Since d is an odd divisor of q-1,

$\gcd(q+1, d)=\gcd(q-1+2, d)=\gcd(2, d)=1, $

and so $\{(q+1)i \mid i=1, \cdots, d \}$ is a complete set of residues modulo d. Consequently,

$\{\big( (Cx)^{q} +Cx \big)^{(q^{2} -1)/d} \mid x \in \mathbb{F}_{q^{2}}\} = \{ 0, \omega, \omega^2, \cdots, \omega^d \} $

and eq. (3.5) has a solution for any $k \in [d]$. Therefore $f_b(\theta^{-1}(\omega^b)) \cap f_d(\theta^{-1}(\omega^d)) \ne \emptyset$, and so $f(x)$ is not a PP of $\mathbb{F}_{q^{2}}$.
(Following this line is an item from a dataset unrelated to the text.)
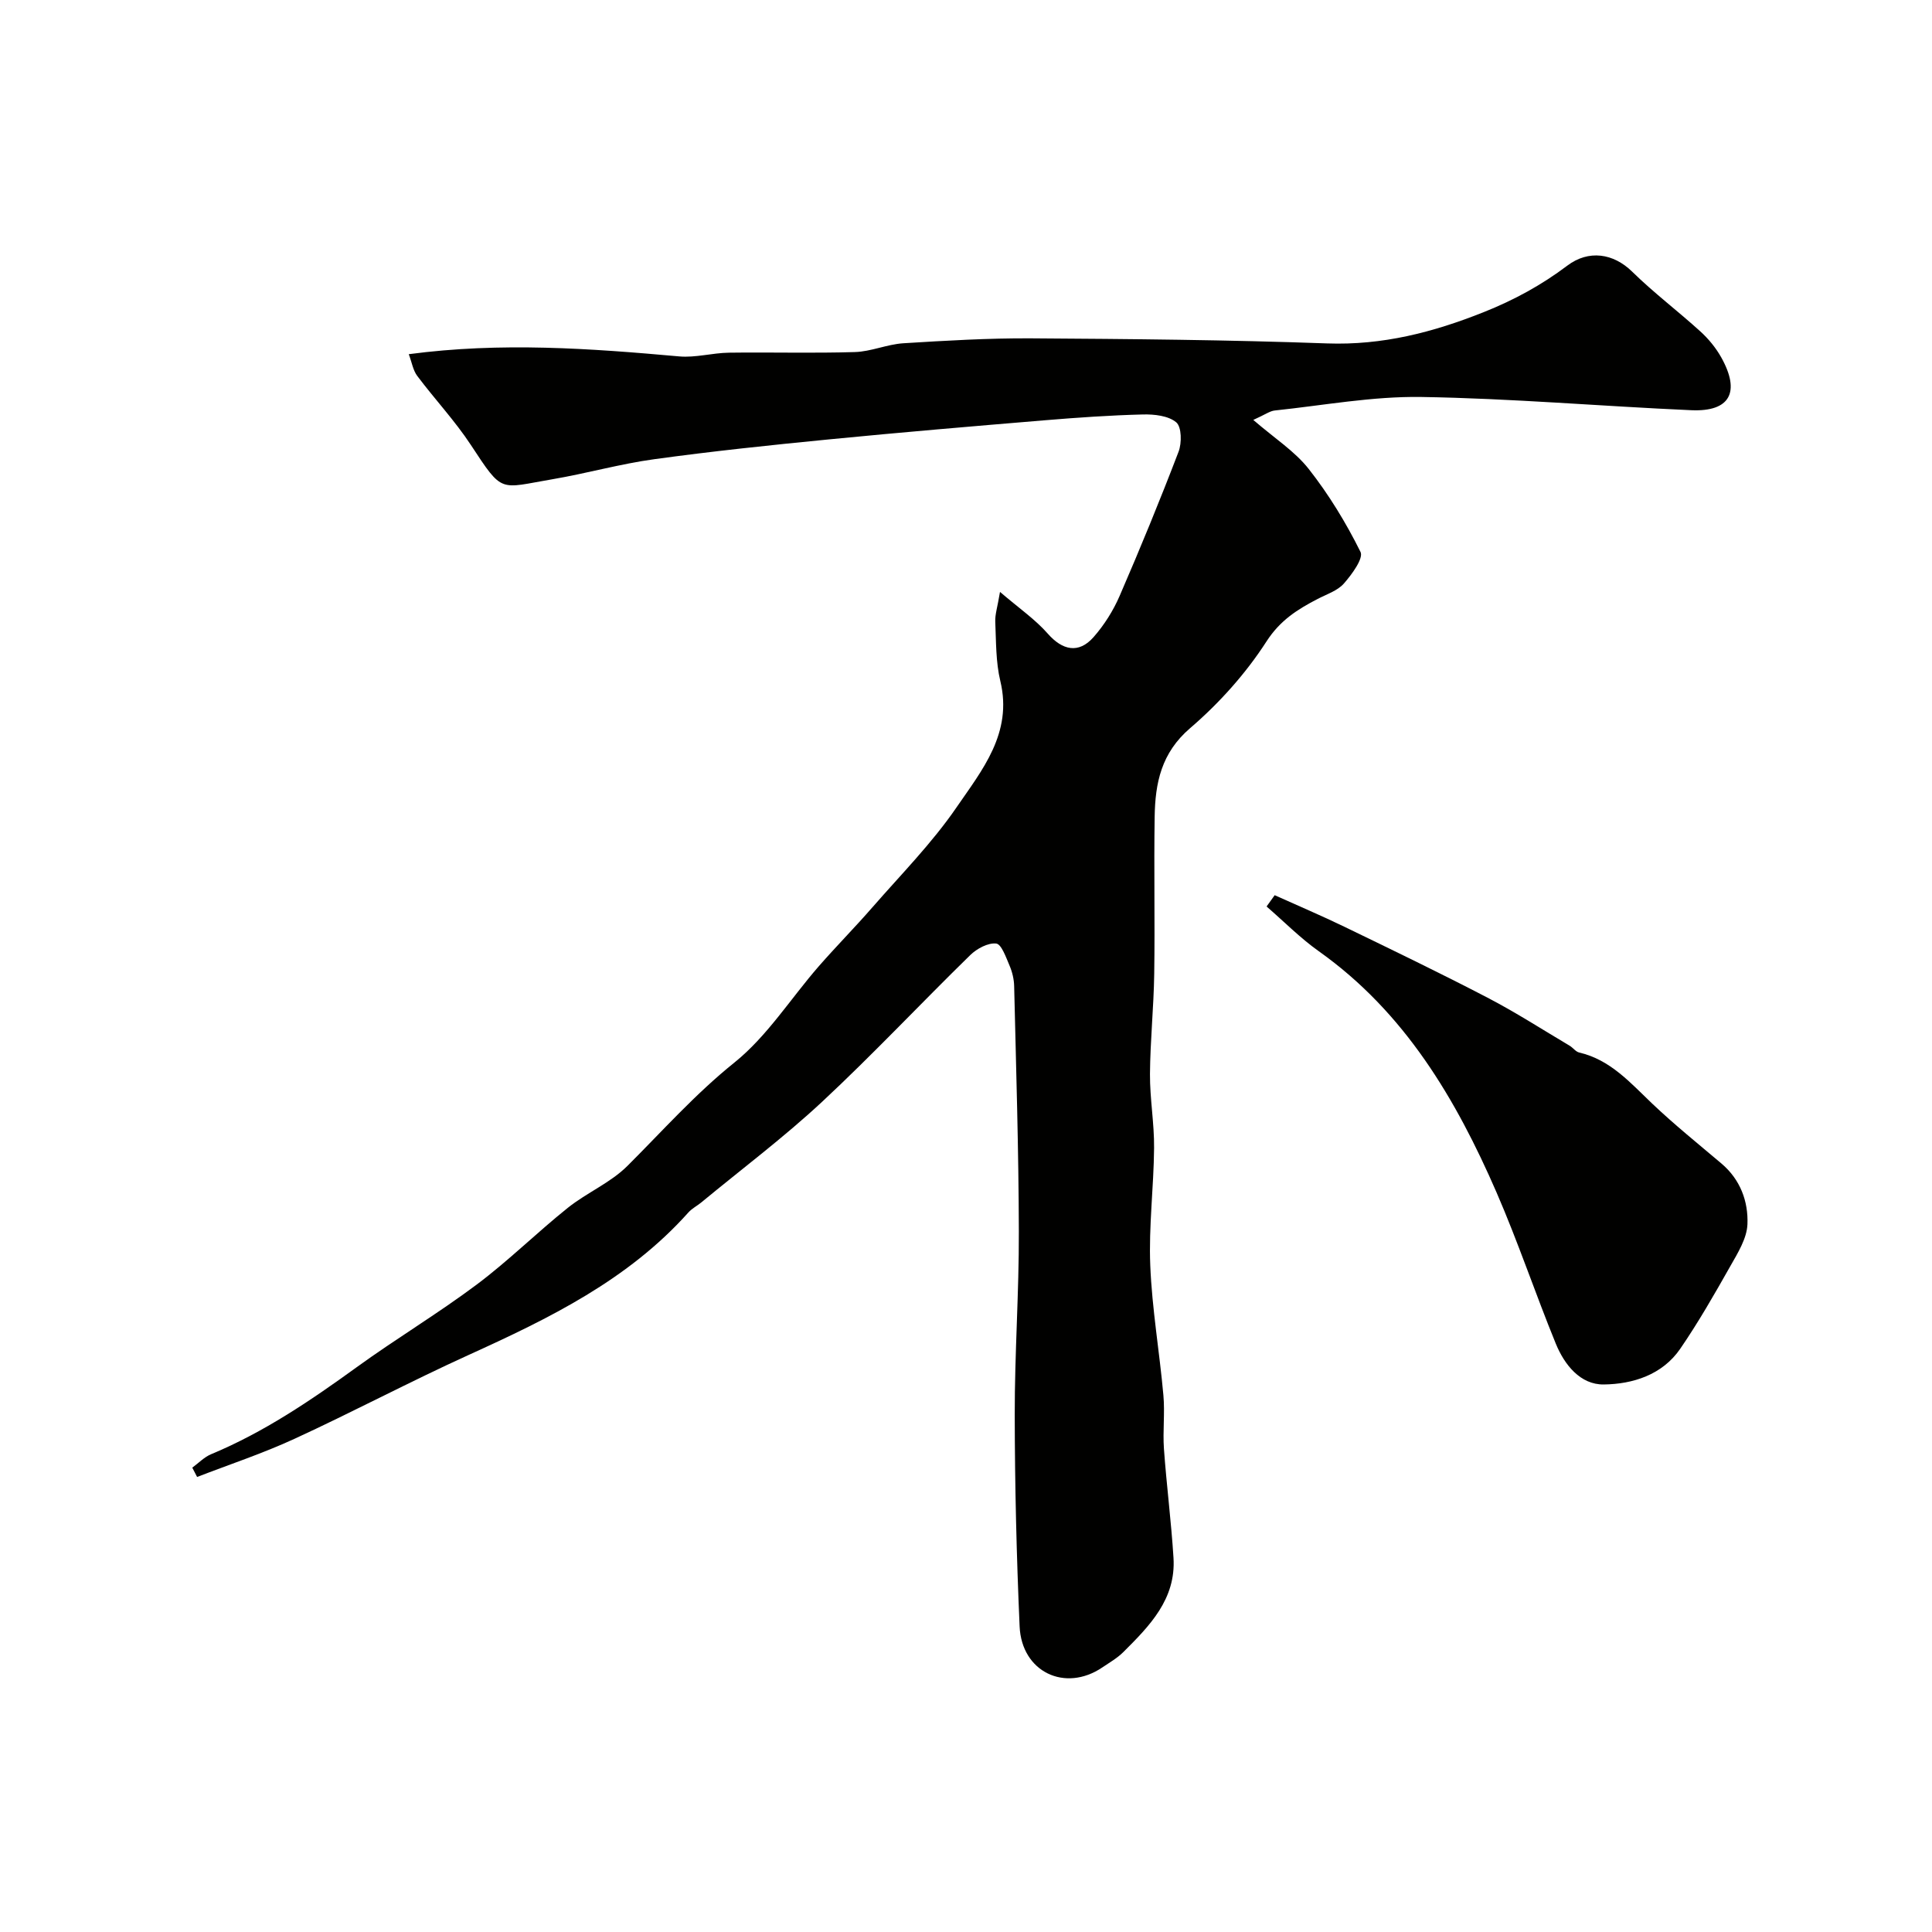 <svg enable-background="new 0 0 400 400" viewBox="0 0 400 400" xmlns="http://www.w3.org/2000/svg"><g fill="#010100"><path d="m207.04 122.55c3.98 3.41 7.31 5.7 9.89 8.64 3.03 3.45 6.39 4.22 9.47.73 2.21-2.51 4.09-5.49 5.42-8.57 4.27-9.85 8.35-19.79 12.19-29.83.69-1.8.64-5.13-.48-6.08-1.63-1.37-4.56-1.69-6.91-1.63-6.76.17-13.52.64-20.27 1.2-14.91 1.24-29.81 2.5-44.7 3.96-12.08 1.18-24.15 2.45-36.17 4.1-7.09.97-14.03 2.95-21.09 4.15-11.09 1.88-10.21 3.08-16.88-7.06-3.31-5.04-7.5-9.5-11.13-14.34-.87-1.16-1.11-2.8-1.75-4.49 19.15-2.54 37.57-1.19 56 .46 3.37.3 6.84-.72 10.27-.77 8.7-.12 17.4.14 26.09-.13 3.35-.1 6.65-1.6 10.02-1.82 8.81-.55 17.64-1.07 26.45-1.02 20.43.13 40.87.31 61.29 1.05 11.47.41 21.92-2.28 32.45-6.48 6.3-2.51 11.99-5.62 17.3-9.63 4.4-3.32 9.53-2.57 13.43 1.26 4.45 4.37 9.47 8.15 14.1 12.36 1.68 1.52 3.2 3.37 4.31 5.34 4.06 7.23 1.85 11.33-6.17 10.98-18.64-.82-37.27-2.45-55.91-2.74-10.1-.16-20.24 1.74-30.35 2.8-1.01.11-1.96.84-4.43 1.95 4.41 3.81 8.6 6.49 11.49 10.17 4.16 5.29 7.72 11.14 10.71 17.16.66 1.33-1.8 4.67-3.44 6.54-1.32 1.5-3.56 2.22-5.43 3.19-4.18 2.17-7.78 4.42-10.62 8.84-4.28 6.63-9.78 12.76-15.78 17.91-6 5.14-7.24 11.38-7.35 18.34-.17 10.83.07 21.67-.09 32.49-.1 6.94-.83 13.87-.88 20.8-.03 5.1.9 10.2.85 15.3-.07 8.1-1.12 16.22-.79 24.3.36 8.99 1.92 17.93 2.72 26.91.33 3.66-.15 7.39.11 11.06.54 7.54 1.51 15.05 1.98 22.59.53 8.52-4.93 14.07-10.37 19.49-1.26 1.26-2.87 2.18-4.36 3.19-7.71 5.22-16.72.95-17.13-8.5-.64-14.59-.99-29.2-1.01-43.8-.02-12.65.89-25.3.85-37.95-.04-16.93-.57-33.87-.97-50.8-.03-1.43-.39-2.93-.95-4.24-.73-1.7-1.68-4.46-2.77-4.58-1.7-.19-4.01 1.06-5.37 2.39-10.3 10.06-20.16 20.58-30.69 30.39-7.92 7.37-16.62 13.9-24.97 20.8-.88.73-1.95 1.26-2.7 2.1-12.47 13.96-28.78 21.91-45.43 29.47-12.18 5.53-24.01 11.82-36.16 17.41-6.53 3.01-13.4 5.28-20.12 7.88-.33-.64-.67-1.29-1-1.93 1.29-.94 2.46-2.18 3.9-2.78 10.89-4.53 20.56-11.08 30.09-17.98 8.15-5.91 16.82-11.1 24.88-17.13 6.57-4.92 12.44-10.75 18.85-15.88 3.93-3.15 8.85-5.19 12.37-8.7 7.27-7.25 14.03-14.88 22.15-21.4 6.77-5.44 11.63-13.23 17.44-19.9 3.63-4.16 7.52-8.09 11.15-12.26 5.92-6.79 12.32-13.27 17.39-20.66 5.28-7.7 11.67-15.38 9.08-26.15-.95-3.95-.87-8.17-1.05-12.28-.07-1.51.46-3.05.98-6.19z"/><path d="m263.91 185.34c4.81 2.17 9.67 4.23 14.42 6.53 9.93 4.81 19.87 9.6 29.65 14.69 5.81 3.02 11.34 6.59 16.99 9.94.7.41 1.25 1.24 1.98 1.41 6.48 1.51 10.59 6.27 15.13 10.59 4.57 4.34 9.5 8.31 14.32 12.39 3.92 3.31 5.58 7.85 5.39 12.58-.12 2.95-2.01 5.97-3.56 8.7-3.28 5.8-6.6 11.61-10.37 17.1-3.71 5.39-9.83 7.3-15.82 7.37-4.85.06-8.15-4.08-9.94-8.48-4.23-10.35-7.79-20.99-12.24-31.24-8.44-19.41-19.02-37.34-36.81-49.97-3.86-2.74-7.22-6.16-10.82-9.27.56-.78 1.12-1.56 1.68-2.34z"/></g></svg>

Permutation polynomials of the form $(x^{q} -x +c)^{\frac{k(q^{2}-1)}{d}\, +1} +x^{q} +x$ over $\mathbb{F}_{q^{2}}$ are presented, where $1 \le k <d$ and d is an arbitrary positive divisor of q-1. This result generalizes a known class of permutation polynomials.